• Aim of the task: Among the entries below, find each line with "rect" and show it.

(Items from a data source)
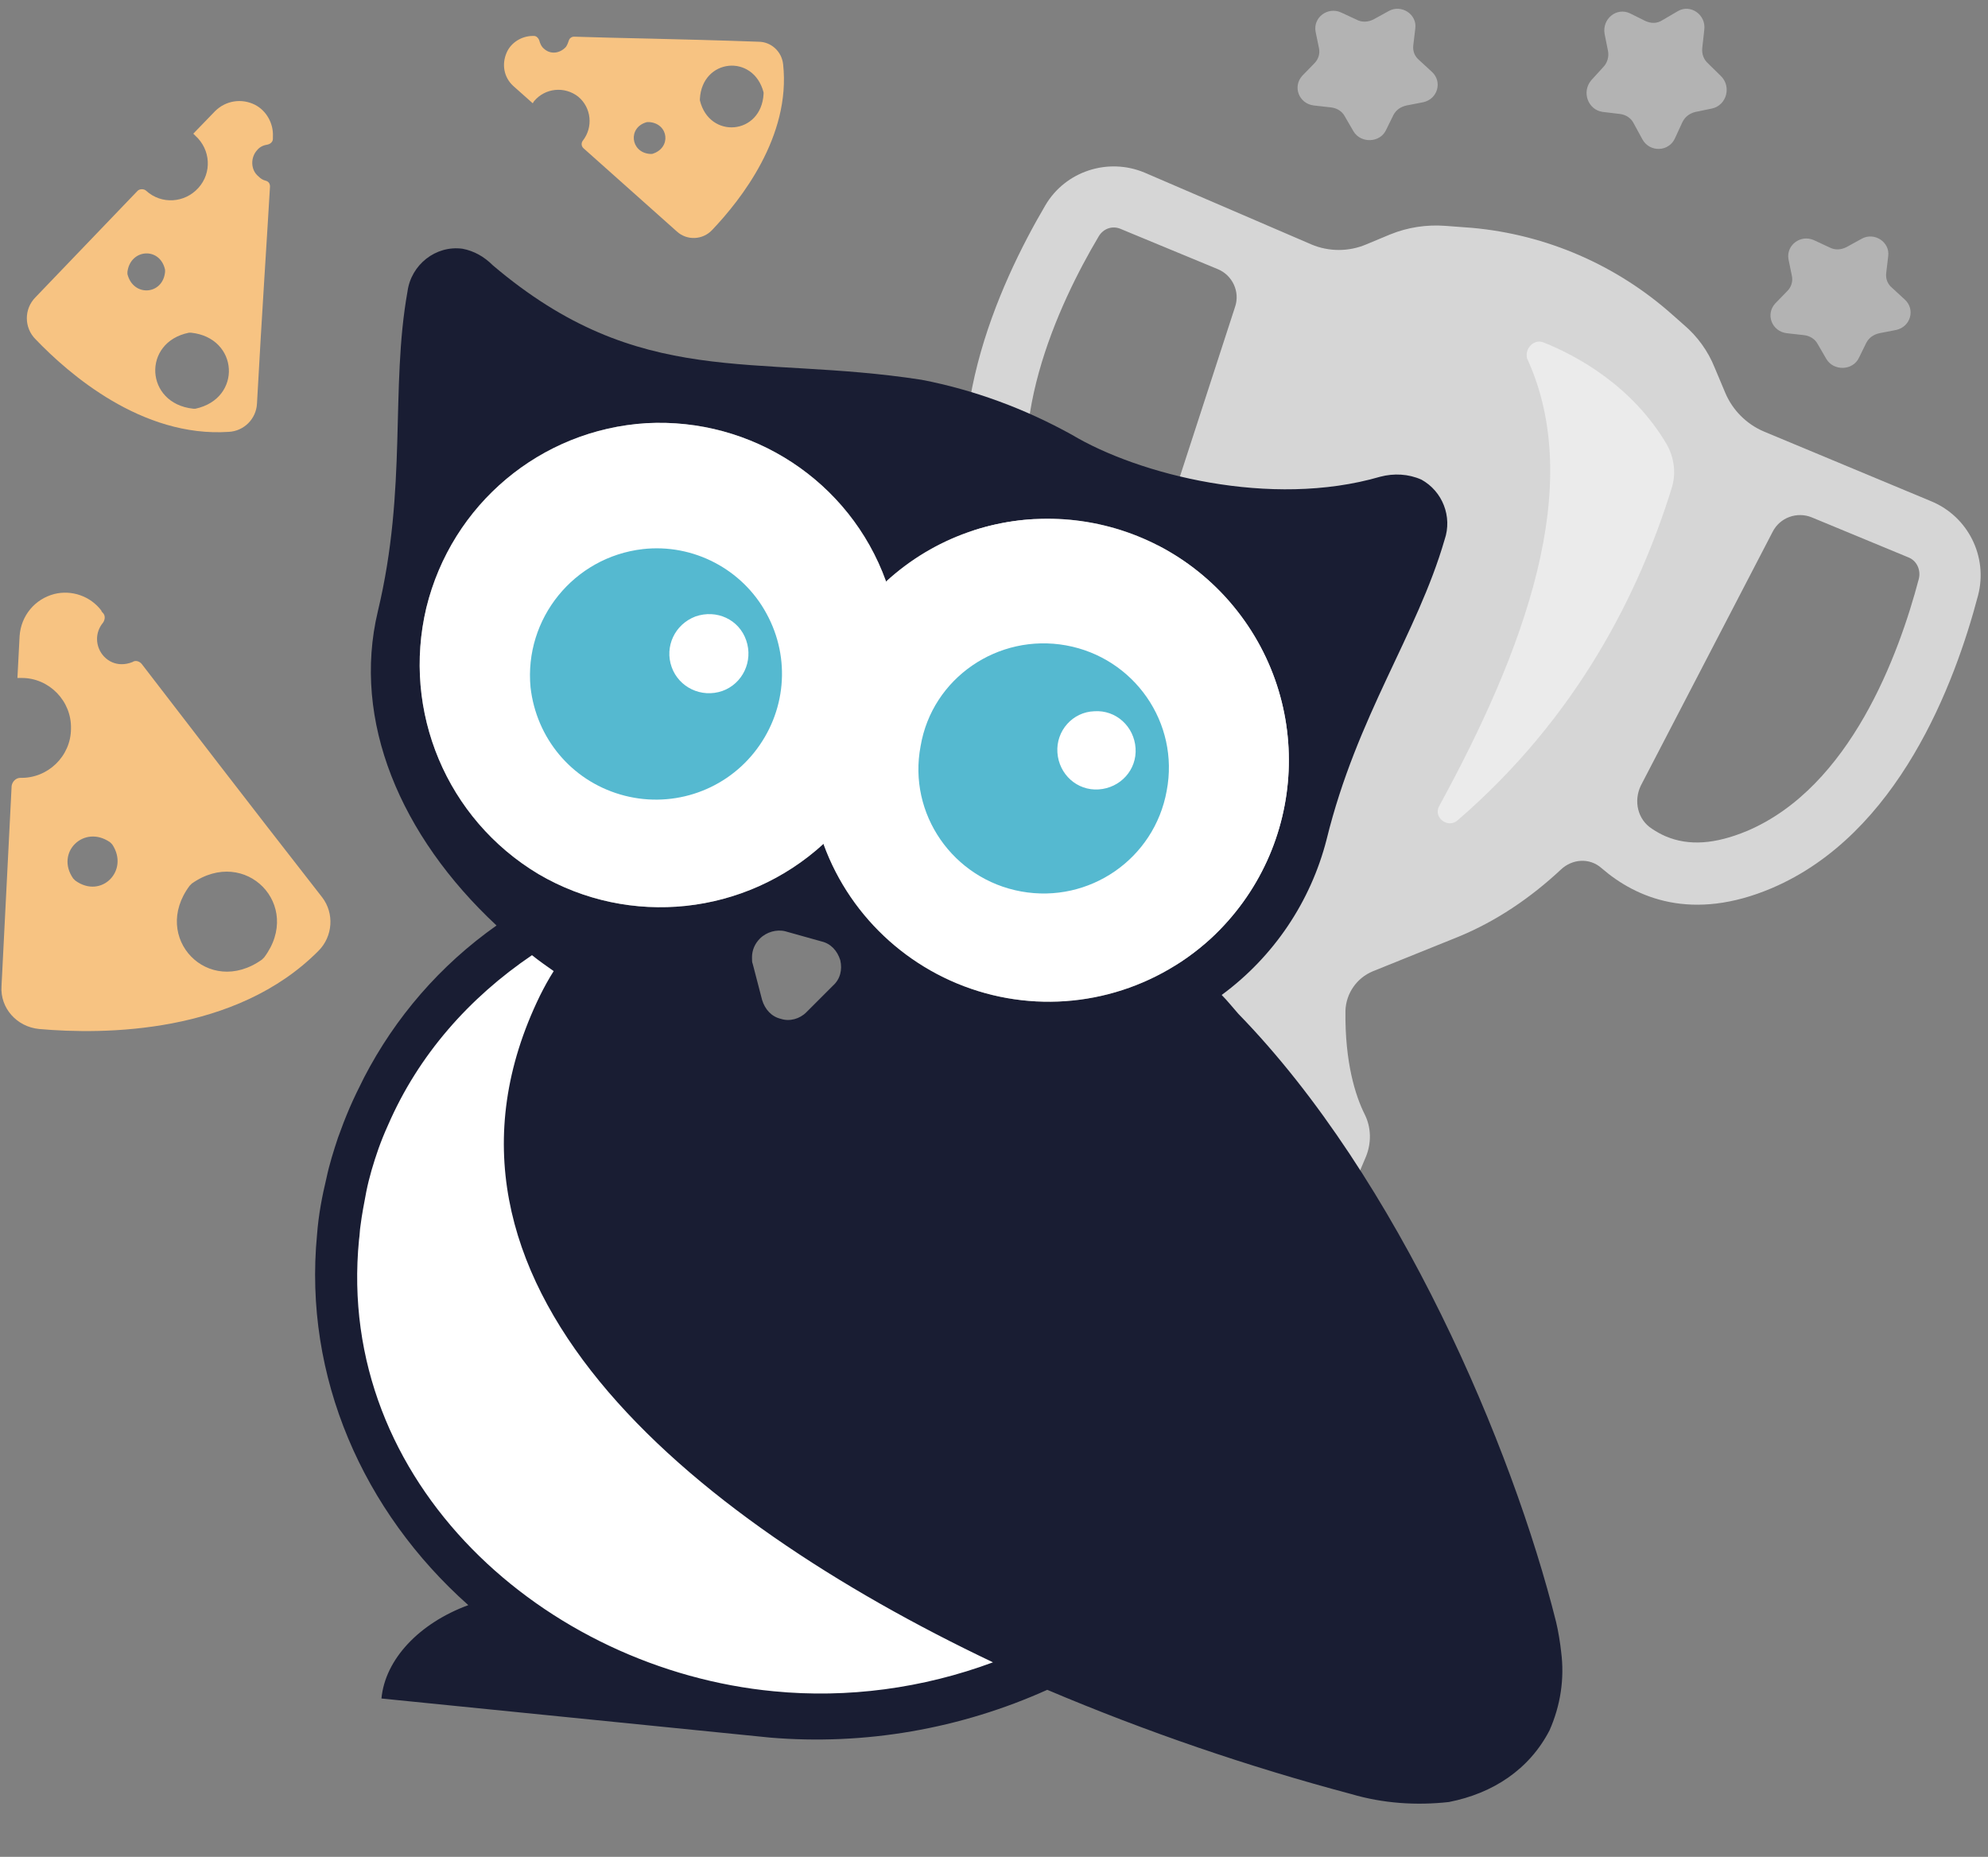 <svg width="227" height="212" viewBox="0 0 227 212" fill="none" xmlns="http://www.w3.org/2000/svg">
<rect x="0" y="0" width="227" height="212" fill="#808080" stroke="none"/>
<g clip-path="url(#clip0_2496_994)">
<path d="M225.87 67.962C227.009 63.554 224.73 58.994 220.552 57.246L201.41 49.267C199.435 48.431 197.84 46.835 197.004 44.859L195.789 41.972C195.029 40.072 193.814 38.4 192.294 37.108L191.003 35.968C184.622 30.269 176.57 26.773 168.062 26.013L165.024 25.785C162.897 25.633 160.77 25.937 158.719 26.773L155.984 27.913C154.009 28.749 151.731 28.749 149.755 27.913L130.689 19.706C126.511 17.958 121.649 19.553 119.371 23.429C114.053 32.472 106.457 49.115 112.23 63.706C115.876 72.901 122.333 75.485 127.499 75.941C129.246 76.093 130.613 77.613 130.613 79.361C130.689 84.148 131.525 88.784 133.348 93.039L137.45 102.843C138.209 104.666 137.829 106.794 136.462 108.162C132.284 112.418 128.714 114.242 126.511 114.926C124.916 115.458 123.624 116.597 123.017 118.193L122.181 120.169L138.665 127.085L155.149 134L155.984 132.024C156.592 130.504 156.592 128.756 155.832 127.237C154.769 125.109 153.554 121.309 153.63 115.382C153.706 113.406 154.921 111.658 156.744 110.898L166.543 106.946C170.797 105.198 174.747 102.539 178.241 99.271C179.533 98.055 181.508 97.903 182.875 99.119C186.825 102.539 193.206 105.274 202.321 101.399C216.754 95.243 223.211 78.069 225.87 67.962ZM124.84 68.189C122.181 67.05 120.206 64.77 118.763 61.122C114.053 49.267 120.89 34.676 125.448 27.001C125.979 26.089 127.043 25.709 128.03 26.165L139.045 30.725C140.716 31.409 141.628 33.308 141.02 35.056L130.917 66.138C130.309 67.962 128.41 69.101 126.511 68.721C125.979 68.57 125.372 68.418 124.84 68.189ZM199.511 94.863C195.865 96.383 192.826 96.611 190.167 95.471C189.636 95.243 189.104 94.939 188.648 94.635C186.977 93.571 186.521 91.444 187.357 89.696L202.397 60.742C203.233 59.07 205.208 58.386 206.879 59.07L217.894 63.63C218.881 64.01 219.337 65.074 219.109 66.062C216.83 74.725 211.285 89.848 199.511 94.863Z" fill="#D6D6D6"/>
<path d="M156.823 2.223L158.569 1.263C160.01 0.451 161.831 1.632 161.604 3.256L161.376 5.175C161.3 5.84 161.528 6.43 162.059 6.873L163.501 8.202C164.715 9.309 164.183 11.302 162.514 11.671L160.617 12.04C159.934 12.188 159.403 12.557 159.1 13.147L158.265 14.845C157.582 16.321 155.382 16.395 154.547 14.993L153.561 13.295C153.257 12.704 152.65 12.335 151.967 12.261L149.995 12.04C148.325 11.819 147.566 9.899 148.705 8.645L150.07 7.242C150.526 6.799 150.753 6.135 150.602 5.471L150.222 3.625C149.919 2.001 151.588 0.746 153.105 1.411L154.851 2.223C155.534 2.592 156.216 2.518 156.823 2.223Z" fill="#B3B3B3"/>
<path d="M210.823 28.223L212.569 27.263C214.01 26.451 215.831 27.632 215.604 29.256L215.376 31.175C215.3 31.84 215.528 32.43 216.059 32.873L217.501 34.202C218.715 35.309 218.183 37.302 216.514 37.671L214.617 38.04C213.934 38.188 213.403 38.557 213.1 39.147L212.265 40.845C211.582 42.321 209.382 42.395 208.547 40.993L207.561 39.295C207.257 38.704 206.65 38.335 205.967 38.261L203.995 38.04C202.325 37.819 201.566 35.899 202.705 34.645L204.07 33.242C204.526 32.799 204.753 32.135 204.602 31.471L204.222 29.625C203.919 28.001 205.588 26.746 207.105 27.411L208.851 28.223C209.533 28.592 210.216 28.518 210.823 28.223Z" fill="#B3B3B3"/>
<path d="M189.823 2.304L191.569 1.281C193.01 0.415 194.831 1.674 194.604 3.406L194.376 5.454C194.3 6.162 194.528 6.792 195.059 7.265L196.501 8.682C197.715 9.863 197.183 11.989 195.514 12.382L193.617 12.776C192.934 12.934 192.403 13.327 192.1 13.957L191.265 15.768C190.582 17.343 188.382 17.422 187.547 15.925L186.561 14.115C186.257 13.485 185.65 13.091 184.967 13.012L182.995 12.776C181.325 12.54 180.566 10.493 181.705 9.154L183.07 7.658C183.526 7.186 183.753 6.477 183.602 5.769L183.222 3.879C182.919 2.147 184.588 0.808 186.105 1.517L187.851 2.383C188.533 2.698 189.216 2.698 189.823 2.304Z" fill="#B3B3B3"/>
<path d="M176.262 39.104C180.109 40.634 186.391 44.076 190.317 50.732C191.181 52.262 191.416 54.098 190.866 55.781C187.176 67.638 180.188 81.791 166.447 93.648C165.348 94.643 163.62 93.343 164.327 92.042C174.063 74.217 181.052 55.475 174.377 40.94C174.063 39.792 175.163 38.645 176.262 39.104Z" fill="#EBEBEB"/>
<path d="M42.059 129.524C42.874 124.2 54.96 112.29 60.901 107L73.123 118.774L92.984 169.964C100.962 174.742 116.511 185.116 114.881 188.392C112.844 192.487 105.715 193.511 98.585 195.559C91.456 197.606 77.706 191.976 68.031 189.928C58.355 187.88 46.133 170.476 42.059 163.821C37.985 157.166 41.04 136.178 42.059 129.524Z" fill="white"/>
<path d="M178.255 188.551C178.173 187.725 177.925 186.155 177.677 185.163C172.719 165.33 159.745 134.589 141.399 115.747C140.738 115.004 140.16 114.26 139.498 113.599C145.448 109.219 149.663 102.939 151.481 95.832C154.952 81.701 161.811 72.445 164.951 61.62C165.86 58.975 164.703 56.083 162.306 54.761C160.819 54.1 159.166 54.017 157.596 54.43C145.118 58.066 129.995 54.182 122.393 49.637C117.021 46.662 111.236 44.514 105.204 43.357C85.949 40.382 73.141 44.596 56.282 30.3C55.291 29.309 54.134 28.648 52.812 28.399C49.754 27.986 46.944 30.218 46.531 33.275C44.548 44.349 46.531 55.67 43.143 69.801C40.168 82.279 45.705 95.419 56.696 105.666C50.25 110.211 45.126 116.161 41.573 123.019C40.995 124.176 40.416 125.333 39.92 126.49C39.425 127.647 39.011 128.721 38.598 129.878C38.102 131.366 37.606 132.936 37.276 134.506C36.78 136.572 36.367 138.721 36.202 140.952C34.632 157.231 41.49 172.602 53.473 183.262C47.853 185.328 43.969 189.46 43.556 193.922L87.933 198.385C98.758 199.294 109.666 197.393 119.583 192.931C130.904 197.724 142.473 201.69 154.291 204.831C157.927 205.905 161.728 206.153 165.447 205.74C170.488 204.748 174.619 202.021 176.933 197.559C178.173 194.749 178.669 191.691 178.255 188.551ZM88.346 193.096C62.315 190.617 38.267 169.379 40.995 141.53C41.077 141.034 41.077 140.456 41.16 139.96C41.325 138.638 41.573 137.398 41.821 136.076C42.151 134.423 42.647 132.771 43.226 131.118C43.556 130.209 43.887 129.383 44.3 128.474C47.771 120.458 53.556 113.929 60.745 109.054C61.571 109.715 62.398 110.293 63.224 110.872C62.646 111.781 62.15 112.69 61.654 113.681C45.788 146.241 78.429 173.18 113.385 189.791C105.369 192.766 96.775 193.922 88.346 193.096ZM85.867 109.302C85.867 108.475 86.197 107.732 86.776 107.153C87.519 106.409 88.676 106.079 89.668 106.327L93.8 107.484C94.874 107.732 95.618 108.558 95.948 109.632C96.196 110.706 95.948 111.781 95.122 112.525L92.064 115.582C91.321 116.326 90.164 116.656 89.172 116.326C88.098 116.078 87.354 115.252 87.024 114.177L85.949 110.045C85.867 109.88 85.867 109.632 85.867 109.302ZM138.259 107.153C131.483 113.351 122.145 115.747 113.302 113.599C104.46 111.45 97.188 105.005 94.048 96.41V96.328C85.123 104.509 71.901 105.914 61.489 99.798C50.994 93.518 45.87 81.205 48.68 69.388C51.572 57.571 61.737 49.059 73.802 48.315C85.867 47.654 97.023 54.926 101.155 66.33V66.413C112.311 56.166 129.665 56.992 139.912 68.148C150.241 79.469 149.415 96.823 138.259 107.153Z" fill="#191D33"/>
<path d="M138.259 107.153C131.483 113.351 122.145 115.747 113.303 113.599C104.461 111.45 97.189 105.005 94.048 96.41V96.328C85.124 104.509 71.901 105.914 61.489 99.798C50.994 93.518 45.871 81.205 48.68 69.388C51.573 57.571 61.737 49.059 73.802 48.315C85.867 47.654 97.023 54.926 101.155 66.33V66.413C112.311 56.166 129.665 56.992 139.912 68.148C150.242 79.47 149.415 96.823 138.259 107.153Z" fill="white"/>
<path d="M120.74 85.915C120.905 88.394 122.971 90.295 125.45 90.13C127.929 89.965 129.83 87.899 129.664 85.419C129.499 82.94 127.433 81.04 124.954 81.205C122.475 81.288 120.574 83.436 120.74 85.915ZM121.731 73.685C129.499 75.09 134.705 82.527 133.218 90.295C131.813 98.063 124.376 103.187 116.608 101.782C108.84 100.377 103.634 92.939 105.121 85.172C106.443 77.404 113.963 72.28 121.731 73.685Z" fill="#55B9D0"/>
<path d="M76.694 76.164C77.521 78.478 80.083 79.718 82.479 78.891C84.793 78.065 86.032 75.503 85.206 73.107C84.38 70.71 81.818 69.553 79.421 70.38C77.025 71.289 75.868 73.85 76.694 76.164ZM73.389 62.694C79.174 62.033 84.793 65.008 87.52 70.049C90.33 75.172 89.751 81.37 86.115 85.915C82.479 90.46 76.447 92.361 70.827 90.708C65.208 89.056 61.241 84.263 60.58 78.478C59.836 70.627 65.538 63.603 73.389 62.694Z" fill="#55B9D0"/>
<path d="M30.83 21.293C30.83 20.962 30.665 20.714 30.334 20.632C30.004 20.549 29.756 20.384 29.508 20.136C28.599 19.392 28.599 17.987 29.343 17.161C29.673 16.748 30.087 16.583 30.582 16.5C30.913 16.417 31.161 16.169 31.161 15.839C31.161 15.756 31.161 15.674 31.161 15.591C31.244 14.103 30.417 12.616 29.095 11.955C27.607 11.211 25.789 11.459 24.55 12.699L22.071 15.26C22.153 15.343 22.236 15.426 22.319 15.508C24.054 17.078 24.219 19.723 22.649 21.458C21.079 23.194 18.435 23.359 16.699 21.789C16.451 21.541 15.956 21.541 15.708 21.789L4.056 33.936C2.734 35.259 2.734 37.407 4.056 38.729C7.857 42.696 16.203 49.968 26.12 49.307C27.855 49.224 29.26 47.819 29.343 46.084C29.921 35.507 30.5 26.995 30.83 21.293ZM14.551 31.292C14.551 31.209 14.551 31.127 14.551 31.044C14.881 28.4 18.269 28.152 18.848 30.796C18.848 30.879 18.848 30.962 18.848 31.044C18.6 33.688 15.212 33.936 14.551 31.292ZM22.071 46.663C16.534 46.084 16.203 39.06 21.575 37.986C21.657 37.986 21.74 37.986 21.823 37.986C27.277 38.564 27.69 45.506 22.319 46.663C22.236 46.663 22.153 46.663 22.071 46.663Z" fill="#F7C382"/>
<path d="M65.538 4.187C65.29 4.187 65.042 4.352 64.96 4.6C64.877 4.848 64.794 5.096 64.629 5.344C63.968 6.087 62.894 6.253 62.15 5.592C61.819 5.344 61.654 4.931 61.572 4.6C61.489 4.352 61.241 4.104 60.993 4.104C60.91 4.104 60.828 4.104 60.828 4.104C59.588 4.104 58.349 4.848 57.853 6.005C57.274 7.327 57.522 8.814 58.597 9.806L60.828 11.789C60.91 11.707 60.91 11.624 60.993 11.541C62.233 10.054 64.464 9.806 66.034 11.046C67.521 12.285 67.769 14.517 66.53 16.087C66.365 16.334 66.365 16.665 66.612 16.913L77.273 26.416C78.43 27.491 80.248 27.408 81.322 26.251C84.545 22.863 90.329 15.591 89.42 7.327C89.255 5.84 88.016 4.765 86.611 4.765C77.438 4.435 70.331 4.352 65.538 4.187ZM74.463 17.574C74.38 17.574 74.298 17.574 74.215 17.574C71.984 17.409 71.653 14.517 73.885 13.938C73.967 13.938 74.05 13.938 74.132 13.938C76.364 14.103 76.694 16.913 74.463 17.574ZM87.189 10.715C86.941 15.425 80.991 15.921 79.917 11.459C79.917 11.376 79.917 11.294 79.917 11.294C80.165 6.666 86.032 6.087 87.189 10.55C87.189 10.55 87.189 10.633 87.189 10.715Z" fill="#F7C382"/>
<path d="M16.204 75.834C15.956 75.503 15.46 75.338 15.13 75.586C14.716 75.751 14.303 75.834 13.89 75.834C12.32 75.834 11.08 74.511 11.08 72.941C11.08 72.28 11.328 71.619 11.741 71.123C11.989 70.793 12.072 70.297 11.741 69.966C11.659 69.884 11.576 69.801 11.576 69.718C10.336 68.066 8.188 67.322 6.205 67.818C3.973 68.396 2.403 70.297 2.238 72.611L1.99 77.404C2.155 77.404 2.321 77.404 2.486 77.404C5.626 77.404 8.188 80.048 8.105 83.188C8.105 86.329 5.461 88.89 2.321 88.808C1.825 88.808 1.412 89.221 1.329 89.717L0.172 112.607C0.007 115.086 1.908 117.235 4.469 117.483C11.907 118.144 26.947 118.061 36.367 108.558C38.02 106.905 38.185 104.261 36.781 102.443C27.938 91.121 20.914 81.949 16.204 75.834ZM8.601 100.542C8.518 100.46 8.436 100.377 8.353 100.294C6.287 97.319 9.593 94.097 12.568 96.162C12.65 96.245 12.733 96.328 12.816 96.41C14.799 99.385 11.576 102.691 8.601 100.542ZM29.922 109.55C23.806 113.929 17.195 107.071 21.658 101.121C21.741 101.038 21.823 100.955 21.906 100.873C28.021 96.576 34.632 103.352 30.169 109.302C30.087 109.384 30.004 109.467 29.922 109.55Z" fill="#F7C382"/>
</g>
<defs>
<clipPath id="clip0_2496_994">
<rect width="226" height="212" fill="white" transform="translate(0.162)"/>
</clipPath>
</defs>
</svg>

• Answer to this problem:
<rect x="0" y="0" width="227" height="212" fill="#808080" stroke="none"/>
<rect width="226" height="212" fill="white" transform="translate(0.162)"/>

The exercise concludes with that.